Input material: Begin

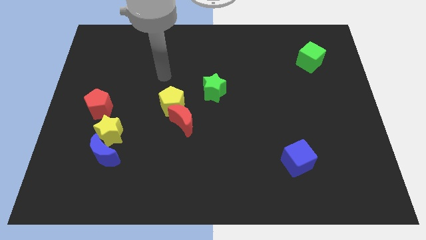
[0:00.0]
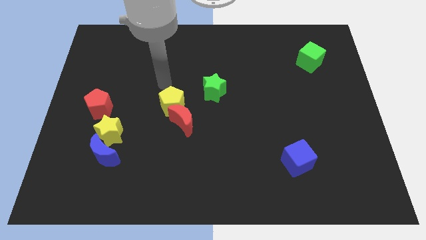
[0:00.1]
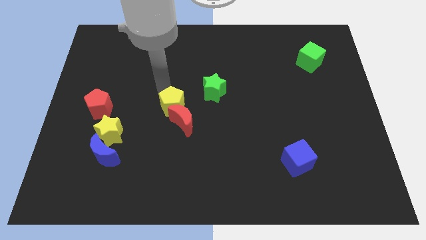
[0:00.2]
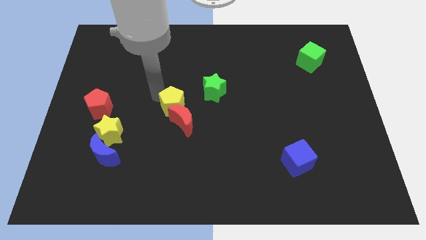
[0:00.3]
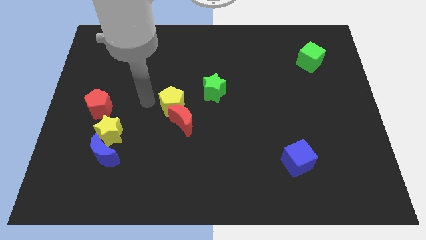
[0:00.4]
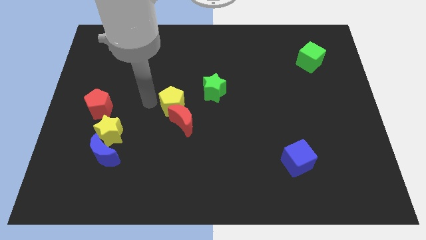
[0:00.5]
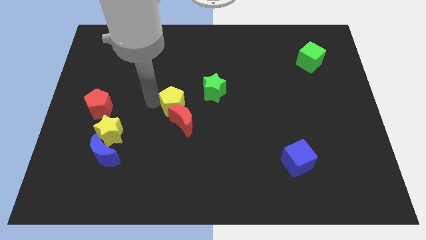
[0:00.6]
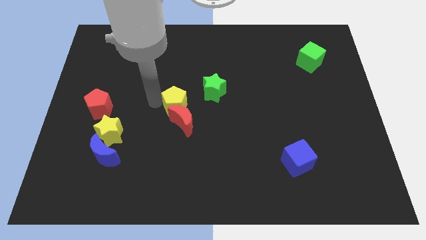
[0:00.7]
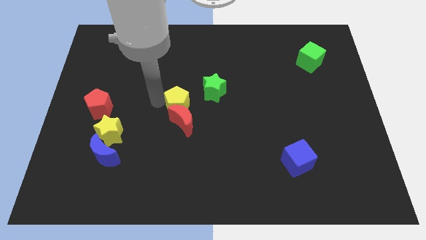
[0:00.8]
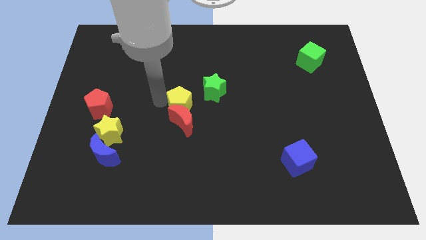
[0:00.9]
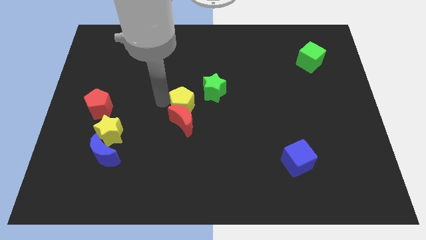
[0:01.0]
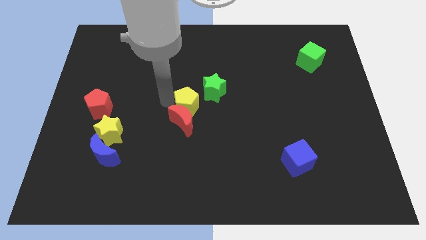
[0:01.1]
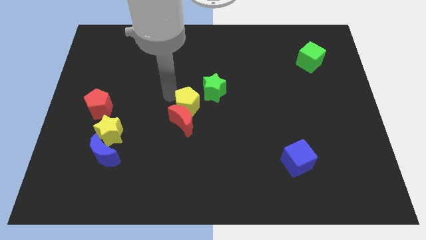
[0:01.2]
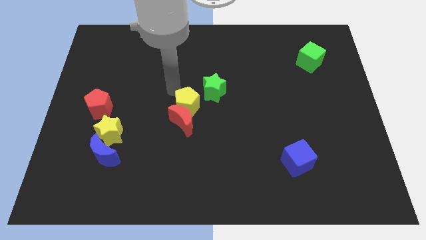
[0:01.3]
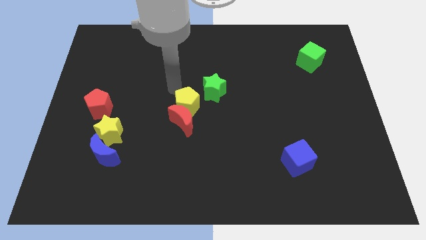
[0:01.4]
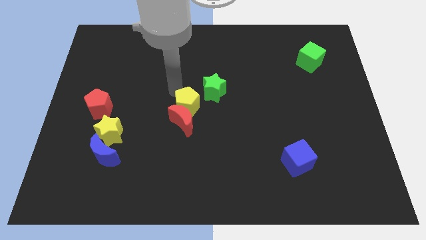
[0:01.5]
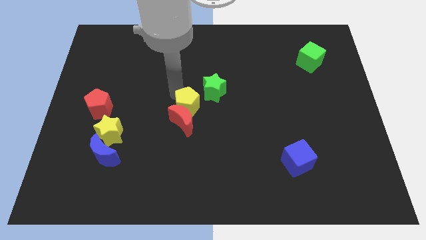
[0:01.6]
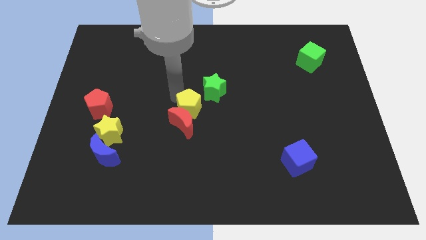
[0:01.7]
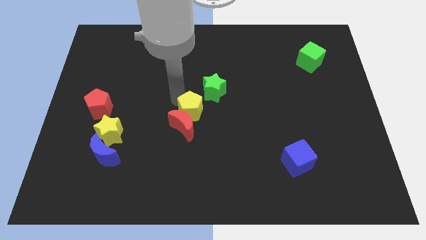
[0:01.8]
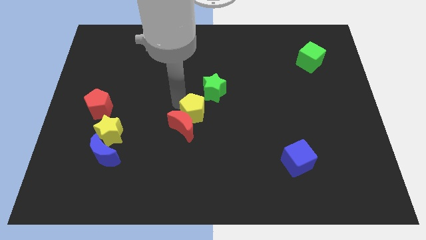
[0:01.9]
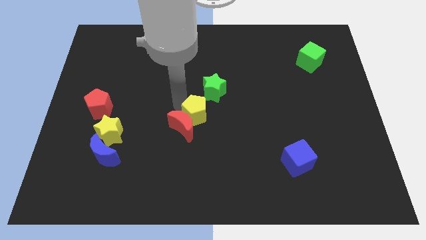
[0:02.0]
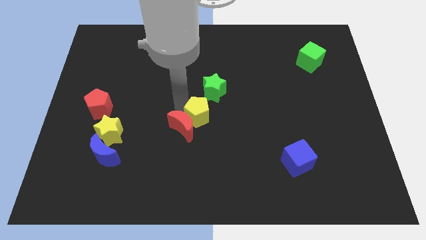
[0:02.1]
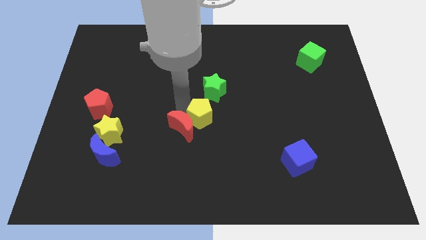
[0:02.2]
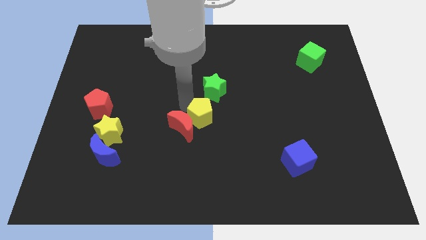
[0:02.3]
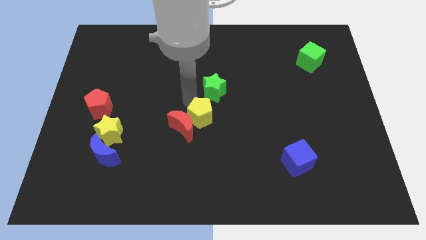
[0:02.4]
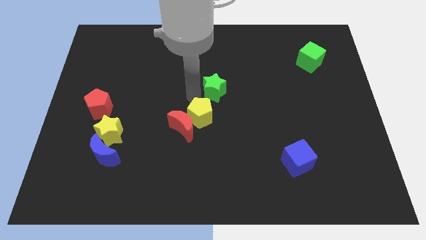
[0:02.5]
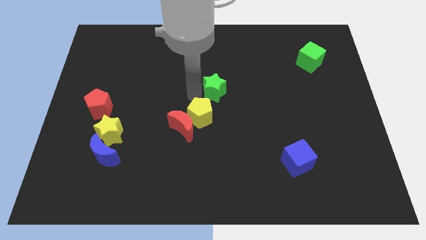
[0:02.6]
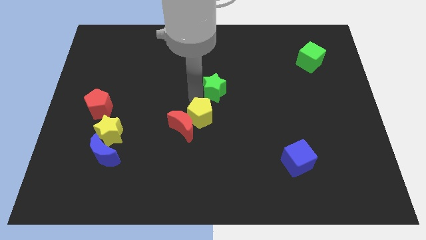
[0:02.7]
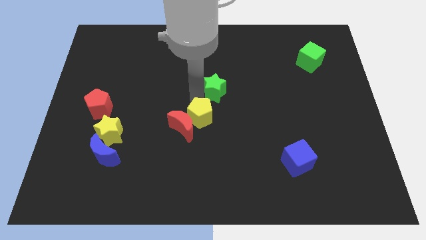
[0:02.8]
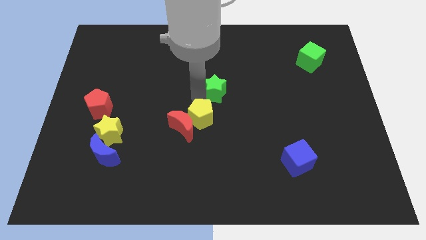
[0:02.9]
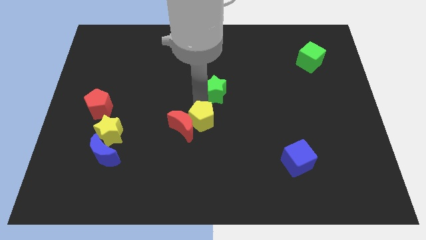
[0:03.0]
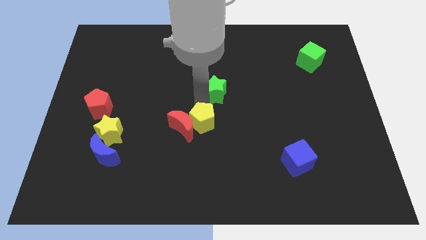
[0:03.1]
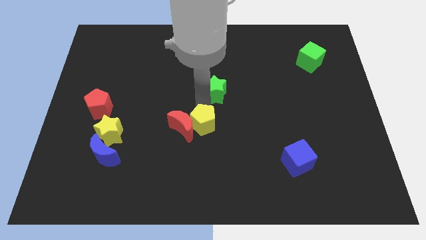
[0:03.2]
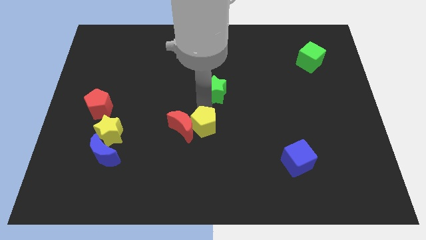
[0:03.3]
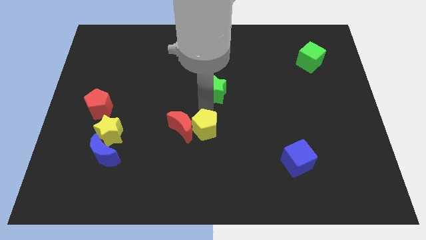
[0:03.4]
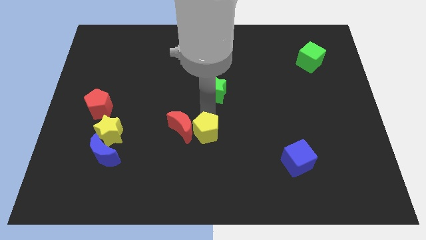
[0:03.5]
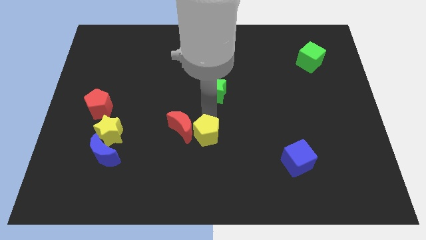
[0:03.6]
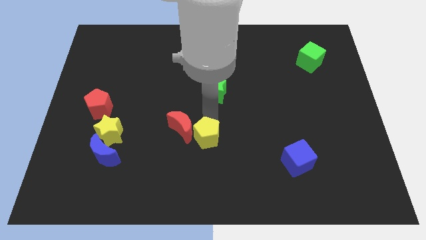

Input material: End

* _Instructions to follow_
Nothing but the records themselves, exact and complete, should be returned; leave the pictures out.

* _The completed task_
[0:00.0]
[0:00.1]
[0:00.2]
[0:00.3]
[0:00.4]
[0:00.5]
[0:00.6]
[0:00.7]
[0:00.8]
[0:00.9]
[0:01.0]
[0:01.1]
[0:01.2]
[0:01.3]
[0:01.4]
[0:01.5]
[0:01.6]
[0:01.7]
[0:01.8]
[0:01.9]
[0:02.0]
[0:02.1]
[0:02.2]
[0:02.3]
[0:02.4]
[0:02.5]
[0:02.6]
[0:02.7]
[0:02.8]
[0:02.9]
[0:03.0]
[0:03.1]
[0:03.2]
[0:03.3]
[0:03.4]
[0:03.5]
[0:03.6]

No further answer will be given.